[DATASET]

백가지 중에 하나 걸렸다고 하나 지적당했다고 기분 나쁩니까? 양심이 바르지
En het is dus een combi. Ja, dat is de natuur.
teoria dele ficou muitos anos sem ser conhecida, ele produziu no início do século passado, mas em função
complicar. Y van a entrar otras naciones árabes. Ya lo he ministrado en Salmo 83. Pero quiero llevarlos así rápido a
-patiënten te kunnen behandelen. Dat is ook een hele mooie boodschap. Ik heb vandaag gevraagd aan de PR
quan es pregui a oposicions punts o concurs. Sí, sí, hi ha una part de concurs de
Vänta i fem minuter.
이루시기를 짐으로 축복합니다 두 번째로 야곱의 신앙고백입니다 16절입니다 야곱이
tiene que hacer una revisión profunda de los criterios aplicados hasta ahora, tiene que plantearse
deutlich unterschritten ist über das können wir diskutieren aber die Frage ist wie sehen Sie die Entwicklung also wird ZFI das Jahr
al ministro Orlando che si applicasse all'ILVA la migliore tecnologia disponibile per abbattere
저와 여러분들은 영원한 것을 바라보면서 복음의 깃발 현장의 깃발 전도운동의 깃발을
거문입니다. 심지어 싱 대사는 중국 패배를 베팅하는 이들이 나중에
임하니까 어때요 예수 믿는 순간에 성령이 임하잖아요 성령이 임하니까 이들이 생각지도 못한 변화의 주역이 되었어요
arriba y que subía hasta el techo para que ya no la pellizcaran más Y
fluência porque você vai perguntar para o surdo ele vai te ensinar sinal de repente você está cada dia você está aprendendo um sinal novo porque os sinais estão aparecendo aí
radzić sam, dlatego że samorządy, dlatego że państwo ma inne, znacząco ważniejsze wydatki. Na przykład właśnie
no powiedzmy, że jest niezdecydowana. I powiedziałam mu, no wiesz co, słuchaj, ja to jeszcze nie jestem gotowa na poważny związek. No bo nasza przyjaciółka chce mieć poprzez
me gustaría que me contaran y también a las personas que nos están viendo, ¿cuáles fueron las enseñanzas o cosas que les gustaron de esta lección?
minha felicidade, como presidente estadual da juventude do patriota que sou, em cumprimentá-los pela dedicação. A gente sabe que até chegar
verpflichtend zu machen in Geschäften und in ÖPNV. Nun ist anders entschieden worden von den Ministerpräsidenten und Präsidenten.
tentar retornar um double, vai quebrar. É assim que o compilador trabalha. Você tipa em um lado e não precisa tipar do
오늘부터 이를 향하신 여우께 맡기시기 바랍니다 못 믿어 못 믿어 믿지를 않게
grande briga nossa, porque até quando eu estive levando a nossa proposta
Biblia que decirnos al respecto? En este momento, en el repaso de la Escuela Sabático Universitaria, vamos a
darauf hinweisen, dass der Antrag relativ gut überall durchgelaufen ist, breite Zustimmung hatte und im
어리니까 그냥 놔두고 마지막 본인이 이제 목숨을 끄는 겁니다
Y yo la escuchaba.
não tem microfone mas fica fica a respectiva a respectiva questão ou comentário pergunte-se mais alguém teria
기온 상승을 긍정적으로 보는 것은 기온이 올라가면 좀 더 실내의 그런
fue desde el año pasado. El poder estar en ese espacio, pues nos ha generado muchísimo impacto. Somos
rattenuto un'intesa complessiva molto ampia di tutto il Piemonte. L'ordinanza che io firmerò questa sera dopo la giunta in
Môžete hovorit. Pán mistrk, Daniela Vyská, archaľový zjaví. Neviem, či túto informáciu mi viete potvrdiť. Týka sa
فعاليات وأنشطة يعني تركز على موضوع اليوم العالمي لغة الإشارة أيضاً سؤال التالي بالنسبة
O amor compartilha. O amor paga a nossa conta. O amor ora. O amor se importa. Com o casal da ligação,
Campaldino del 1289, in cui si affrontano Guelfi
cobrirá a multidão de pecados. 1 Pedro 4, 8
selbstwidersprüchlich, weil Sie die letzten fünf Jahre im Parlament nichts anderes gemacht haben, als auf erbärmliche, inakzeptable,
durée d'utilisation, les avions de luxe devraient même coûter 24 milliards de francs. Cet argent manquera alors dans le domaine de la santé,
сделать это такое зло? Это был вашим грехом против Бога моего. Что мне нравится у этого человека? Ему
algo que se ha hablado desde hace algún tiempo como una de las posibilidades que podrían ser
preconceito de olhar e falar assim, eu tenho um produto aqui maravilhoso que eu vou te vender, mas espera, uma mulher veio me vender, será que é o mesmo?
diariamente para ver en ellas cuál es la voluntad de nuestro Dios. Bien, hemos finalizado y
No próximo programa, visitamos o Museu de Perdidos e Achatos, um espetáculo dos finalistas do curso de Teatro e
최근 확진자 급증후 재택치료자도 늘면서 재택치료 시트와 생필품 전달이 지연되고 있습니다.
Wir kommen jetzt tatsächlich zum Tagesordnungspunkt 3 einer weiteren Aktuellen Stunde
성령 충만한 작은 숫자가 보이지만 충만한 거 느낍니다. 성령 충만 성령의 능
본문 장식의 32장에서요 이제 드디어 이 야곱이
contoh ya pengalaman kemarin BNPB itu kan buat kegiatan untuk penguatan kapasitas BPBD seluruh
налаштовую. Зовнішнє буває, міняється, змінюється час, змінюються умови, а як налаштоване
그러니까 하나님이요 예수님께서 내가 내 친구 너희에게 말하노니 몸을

[/DATASET]

EXERCISE GOAL> Please state how many lines of the entries above include the string "hasta", giving the number and nothing more.

SOLUTION TO THIS TASK> 2